Bolhão no coração

Jornal de Notícias - 2008-05-29 - CLÁUDIA LUÍS


A "Viva+" foi conhecer as histórias dos vendedores do Bolhão e mostra-lhe alguns dos seus produtos. Sabia que aqui se vende chouriços de soja e pão sem glúten? O Bolhão é um mercado de surpresas.
As vendedoras do Mercado do Bolhão, no Porto, têm fama de ser anfitriãs carinhosas e atrevidas. É impossível passar pelas bancas sem ouvir um ternurento "quer alguma coisinha, meu amor?" a que custa dizer um redondo "não". Toda a gente conhece toda a gente. "Há famílias inteiras a trabalhar aqui", dizem, num lugar que, afinal, é uma só família.
A "Viva+" foi ouvir as histórias do Bolhão e descobriu olhos embargados de emoção, rugas cheias de segredos e uma cumplicidade invulgar. Às vezes, lá falhava a memória nos relatos de vidas de filhos e netos, mas logo surgia uma voz a precisar os acontecimentos que, sem serem seus, sabe-se de cor. "Somos uma família", dizem repetidamente. "A minha faculdade foi feita no Bolhão. Vim para aqui matar a fome aos meus irmãos e não tenho vergonha disso", diz uma voz entristecida por todos os ferros que lá foram colocar para segurar paredes e tectos e que "nunca voltaram para tirar".

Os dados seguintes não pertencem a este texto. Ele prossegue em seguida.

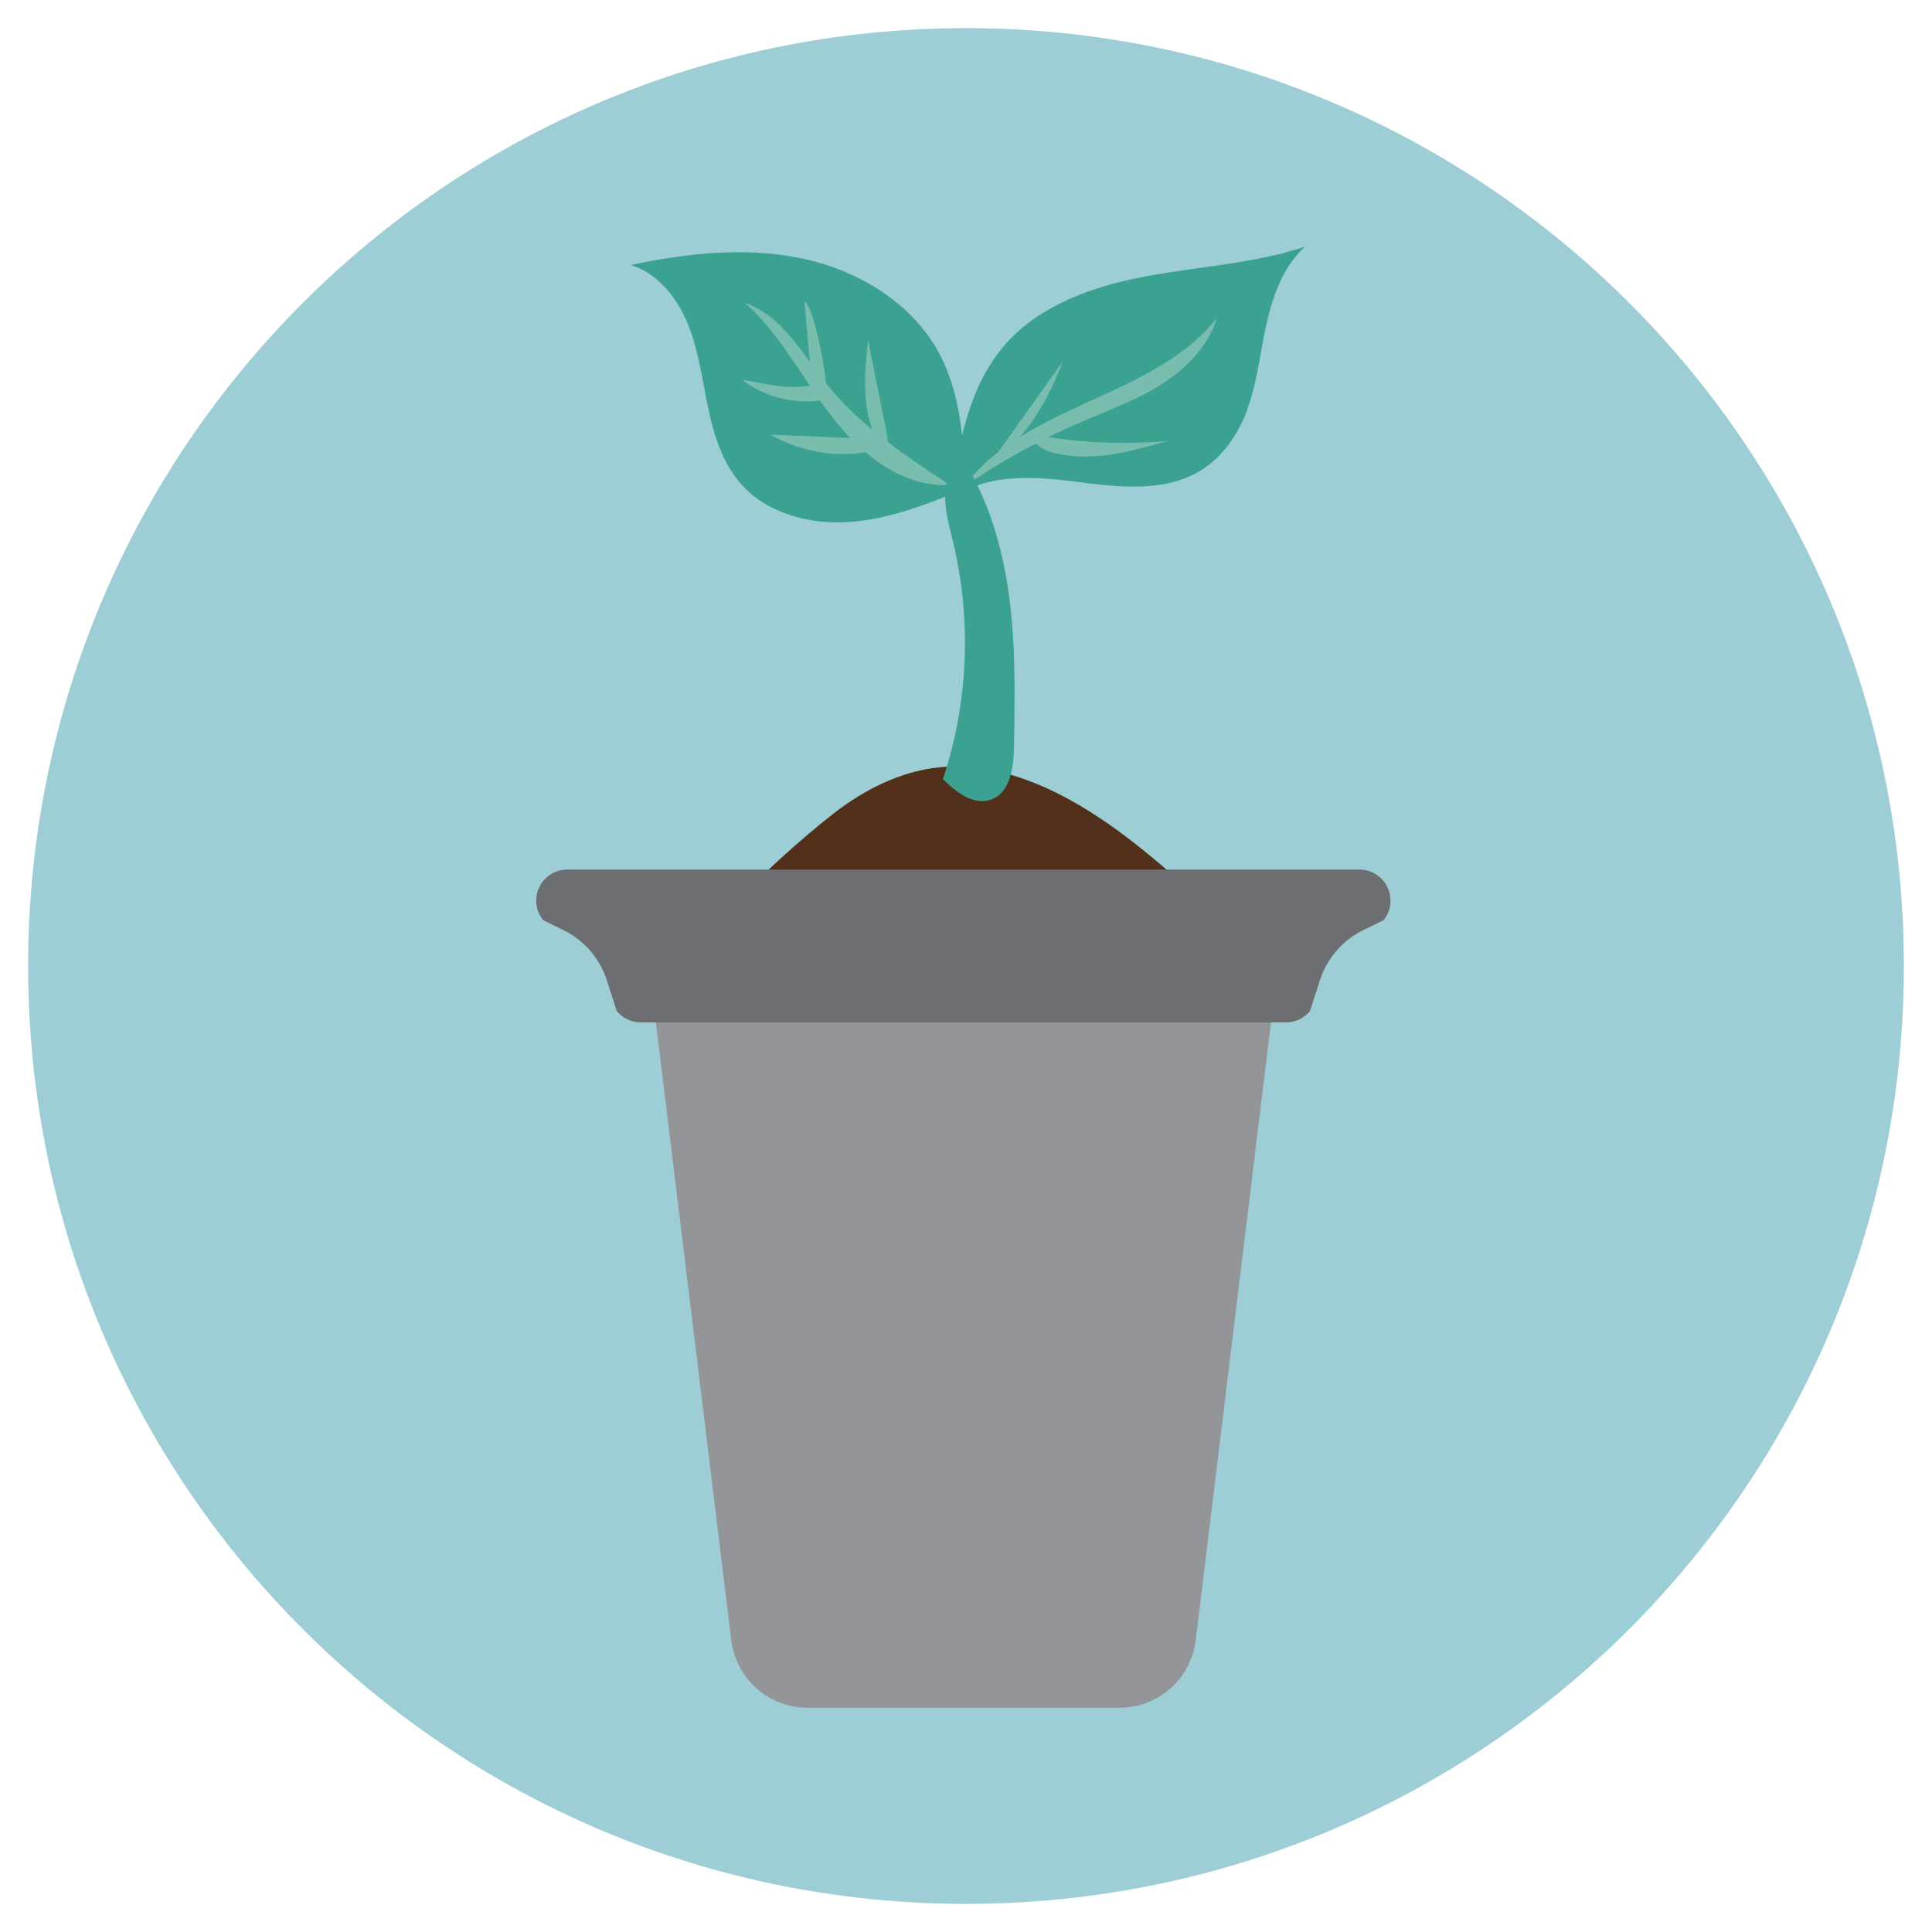 <svg id="Layer_1" data-name="Layer 1" xmlns="http://www.w3.org/2000/svg" viewBox="0 0 600 600"><defs><style>.cls-1{fill:#9dced6;}.cls-2{fill:#53301c;}.cls-3{fill:#3ba291;}.cls-4{fill:#79bdae;}.cls-5{fill:#939598;}.cls-6{fill:#6d6e71;}</style></defs><title>EEI-PB-Simeon</title><path class="cls-1" d="M591.26,300c0,160.85-130.4,291.26-291.25,291.26S8.74,460.85,8.74,300,139.14,8.74,300,8.74,591.26,139.14,591.26,300"/><path class="cls-2" d="M227.76,281.17c8-9,21.65-21.17,31.1-28.52s20.55-13,32.46-14.31c13-1.43,26,2.42,37.68,8.33,17.09,8.7,31.58,21.69,45.85,34.53-20.38,14-44.74,21.64-69.39,23.14-42.24,2.57-77.7-23.17-77.7-23.17"/><path class="cls-3" d="M387.4,127.23c-2.81,7.55-7.58,14.59-14.41,18.83-11.41,7.07-25.95,5.2-39.25,3.5s-28.2-2.58-38.67,5.8c2.57-17,5.57-34.89,16.72-47.93C322.67,94.71,339.58,88.85,356,85.79s33.43-3.9,49.32-9.2c-6.78,6.08-10,15.14-12,24s-2.81,18.08-6,26.6"/><path class="cls-4" d="M335.21,131.3a208.54,208.54,0,0,0-35.86,19.89c18.84-25.64,58.69-27.51,78.54-52.36-2.7,8.86-9.7,15.85-17.53,20.75s-16.66,8-25.15,11.72"/><path class="cls-4" d="M330.09,112.19,307.8,143.54c10.95-7.1,17.63-19.18,22.29-31.35"/><path class="cls-4" d="M362.67,136.93a153.16,153.16,0,0,1-42-2c-.13,2.81,2.94,4.62,5.64,5.42,11.85,3.47,24.49,0,36.35-3.44"/><path class="cls-3" d="M291.82,110c-8.36-15.82-25.14-26-42.65-29.71s-35.73-1.68-53.24,2c8.39,2.64,14.41,10.24,17.72,18.4s4.39,17,6.18,25.6,4.46,17.38,10.29,24c8.24,9.33,21.63,12.75,34.05,11.8s24.2-5.67,35.76-10.33c-.65-14.3-1.43-29.11-8.11-41.76"/><path class="cls-4" d="M256.92,119.52c-7.65-9.51-14-21.46-25.5-25.43,11,9.84,17.81,23.44,26.81,35.14s22,22.24,36.79,21.39c-13.76-9-27.78-18.28-38.1-31.1"/><path class="cls-4" d="M269.6,105.5c-.67,6.43-1.35,12.92-.64,19.36s2.93,12.88,7.36,17.6a91.91,91.91,0,0,0-2-13.18q-2.39-11.9-4.76-23.78"/><path class="cls-4" d="M252.29,121.15c.79,1.68,3.65.75,4.19-1S253,95.58,249.82,93.52q1.23,13.82,2.47,27.63"/><path class="cls-4" d="M254.49,124.42A3.16,3.16,0,0,0,257,123.2a2.25,2.25,0,0,0-1-2.82,4.55,4.55,0,0,0-3.15-.77c-9,1.53-13.54-.32-22.34-1.62a33.06,33.06,0,0,0,23.94,6.43"/><path class="cls-4" d="M239.35,135a45.2,45.2,0,0,0,33.78,4.57c-.34-1.07-.69-2.14-1-3.21L239.35,135"/><path class="cls-3" d="M307.65,248.36c6-2,7.12-9.85,7.24-16.17.28-15.6.57-31.28-1.47-46.75s-6.52-30.87-15.07-43.92c-3.56,3.24-4.93,8.33-4.83,13.14s1.47,9.5,2.59,14.19a134.33,134.33,0,0,1-3.28,73.1c4.07,4,9.43,8.25,14.82,6.41"/><path class="cls-5" d="M200.1,288.05l27,221.3a23.87,23.87,0,0,0,23.69,21h96.88a23.87,23.87,0,0,0,23.69-21l26.95-221.3Z"/><path class="cls-6" d="M422.18,270.05h-246a9.65,9.65,0,0,0-7.5,15.72l6.33,3.1a26.3,26.3,0,0,1,13.42,15.51l3.09,9.57a9.7,9.7,0,0,0,7.5,3.57H399.35a9.68,9.68,0,0,0,7.49-3.57l3.09-9.57a26.34,26.34,0,0,1,13.43-15.51l6.32-3.1a9.65,9.65,0,0,0-7.5-15.72"/></svg>

Os andaimes lá estão a sustentar um mercado com dezenas de bancas cobertas por panos floridos e empoeirados. Mas há muito mais no Bolhão do que a tristeza que o assolou, porque não há amargura que vingue num cenário tão rico em cores, aromas e histórias. Basta andar pelos corredores de flores, frutas e peixes para que uma dessas histórias venha ter connosco. "Está a ver isto?", diz uma senhora com uma fotografia polaroid pousada na mão. Aquilo era um registo de uma certa campanha eleitoral. Servia mais como prova do que como recordação. As filhas, ainda bebés, que criaram entre canastras de sardinhas e folhas de jornal, o "olho que botam" às bancas alheias para serem "umas para as outras", os piropos a freguesas embonecadas e a rapazes desprevenidos, as zangas que passam de uma madrugada para a outra, a essas - sim - chamam-lhes recordações.
As vendedoras do Bolhão fazem parte da cidade. Não há roteiro político, social, turístico ou televisivo que não lhes preste uma visita. Há clientes que já têm as compras habituais reservadas e embrulhadas num cantinho da banca. Hoje, no entanto, a maioria dos fregueses são os turistas de máquina fotográfica ao peito.